_Requirement_
Reproduce the lines below exactly. Skip images.

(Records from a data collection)
┄┄┄┄┄┄┄┄┄┄┄┄┄┄┄┄┄┄┄┄
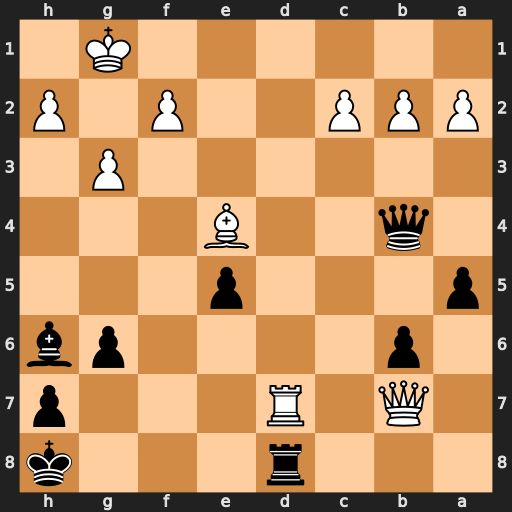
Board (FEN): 3r3k/1Q1R3p/1p4pb/p3p3/1q2B3/6P1/PPP2P1P/6K1
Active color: b
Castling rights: -
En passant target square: -
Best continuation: Rxd7 Qxd7 Qe1+ Kg2 Qxe4+
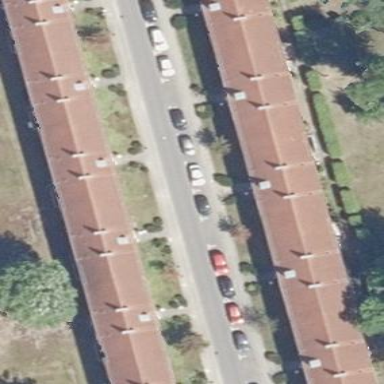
┄┄┄┄┄┄┄┄┄┄┄┄┄┄┄┄┄┄┄┄
_Solution for this task_
Board (FEN): 3r3k/1Q1R3p/1p4pb/p3p3/1q2B3/6P1/PPP2P1P/6K1
Active color: b
Castling rights: -
En passant target square: -
Best continuation: Rxd7 Qxd7 Qe1+ Kg2 Qxe4+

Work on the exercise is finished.